Many of Guo’s friends of her age are also unmarried career women.

“Stressful work, an increasing divorce rate – there are many reasons leading career women to live on their own,” she says.

On top of that, Chinese men are reluctant to marry more mature women.

A survey conducted by Beijing Normal Uni­versity in 2006 showed about 65% of male respondents believed 25-year-old women were desirable for marriage, while only 12.5% said they could accept women over the age of 35 as wives.
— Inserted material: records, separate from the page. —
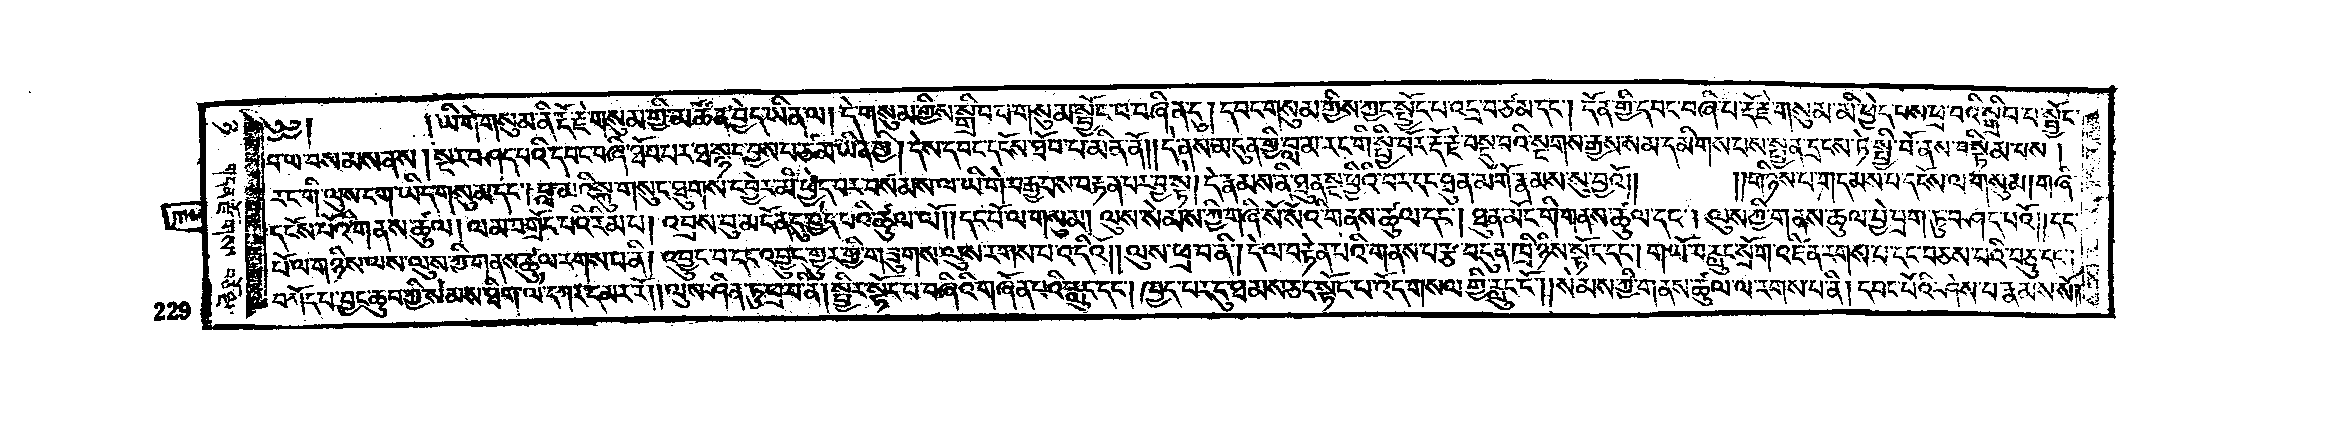༄༅། །ཡི་གེ་གསུམ་ནི་རྡོ་རྗེ་གསུམ་གྱི་མཚོན་བྱེད་ཡིན་ལ། དེ་གསུམ་གྱིས་སྒྲིབ་པ་གསུམ་སྦྱོང་བ་བཞིན་དུ། དབང་གསུམ་གྱིས་ཀྱང་སྤྱོད་པ་འདྲ་བ་ཙམ་དང་། དོན་གྱི་དབང་བཞི་པ་རྡོ་རྗེ་གསུམ་མི་ཕྱེད་པས་ཕྲ་བའི་སྒྲིབ་པ་སྦྱོང་
བ་ལ་བསམས་ནས། སྔར་བཤད་པའི་དབང་བཞི་ཐོབ་པར་ཐ་སྙད་བྱས་པ་ཙམ་ཡིན་གྱི། དེས་དབང་དངོས་ཐོབ་པ་མིན་ནོ། །དེ་ནས་མདུན་གྱི་བླ་མ་རང་གི་སྤྱི་བོར་རྡོ་རྗེ་བསྡུ་བའི་སྔགས་རྒྱས་སམ་དམིགས་པས་སྤྱན་དྲངས་ཏེ་སྤྱི་བོ་ནས་བསྟིམ་པས།
རང་གི་ལུས་ངག་ཡིད་གསུམ་དང་། བླ་མའི་སྐུ་གསུང་ཐུགས་དབྱེར་མི་ཕྱེད་པར་བསམས་ལ་ཡི་གེ་བརྒྱ་པས་བརྟན་པར་བྱ་སྟེ། དེ་རྣམས་ནི་ཐུན་སྔ་ཕྱིའི་བར་དང་ཐུན་མགོ་རྣམས་སུ་བྱའོ།། །།གཉིས་པ་གདམས་པ་དངོས་ལ་གསུམ། གཞི་
དངོས་པོའི་གནས་ཚུལ། ལམ་བགྲོད་པའི་རིམ་པ། འབྲས་བུ་མངོན་དུ་བྱེད་པའི་ཚུལ་ལོ། །དང་པོ་ལ་གསུམ། ལུས་སེམས་ཀྱི་གཞི་སོ་སོའི་གནས་ཚུལ་དང་། ཐུན་མོང་གི་གནས་ཚུལ་དང་། ལུས་ཀྱི་གནས་ཚུལ་བྱེ་བྲག་ཏུ་བཤད་པའོ། །དང་
པོ་ལ་གཉིས་ལས་ལུས་ཀྱི་གནས་ཚུལ་རགས་པ་ནི། འབྱུང་བ་དང་འབྱུང་གྱུར་གྱི་གཟུགས་ལུས་རགས་པ་འདིའོ། །ལུས་ཕྲ་བ་ནི། དེ་ལ་བརྟེན་པའི་གནས་པ་རྩ་བདུན་ཁྲི་ཉིས་སྟོང་པ་དང་། གཡོ་བ་རླུང་སྲོག་འཛིན་རགས་པ་དང་བཅས་པའི་བཅུ་དང་།
བཀོད་པ་བྱང་ཆུབ་ཀྱི་སེམས་ཐིག་ལེ་དཀར་དམར་རོ། །ལུས་ཤིན་ཏུ་ཕྲ་བ་ནི། སྤྱིར་སྟོང་པ་བཞིའི་གཞོན་པའི་རླུང་དང་། ཁྱད་པར་དུ་ཐམས་ཅད་སྟོང་པ་འོད་གསལ་གྱི་རླུང་ངོ། །སེམས་ཀྱི་གནས་ཚུལ་ལ་རགས་པ་ནི། དབང་པོའི་ཤེས་པ་རྣམས་སོ། །

As a result, a huge number of that age group – many are “S3 women” – remain single.

Recently, the degrading term of “sheng nu”, which literally means “leftover women”, has been created to refer to the “3S women” as though there were something morally wrong with them.

“We’re not that passive,” says Guo. “I admit being a single woman comes with its challenges, but it also offers an opportunity to develop personally and do things outside of the shackles of a relationship.”

Guo spends about three hours a week practising calligraphy. She also enjoys whole Sunday afternoons at a beauty salon.

“I am no different to everyone else, except that I don’t have to wash men’s dirty socks and baby diapers,” she says.

In the past, China had a saying for women: To marry is to live. However, better education and jobs are giving career women better financial status.

With a monthly salary of about 16,000 yuan and a 60 sq metre well-decorated downtown apartment, Guo’s financial circumstances are secure.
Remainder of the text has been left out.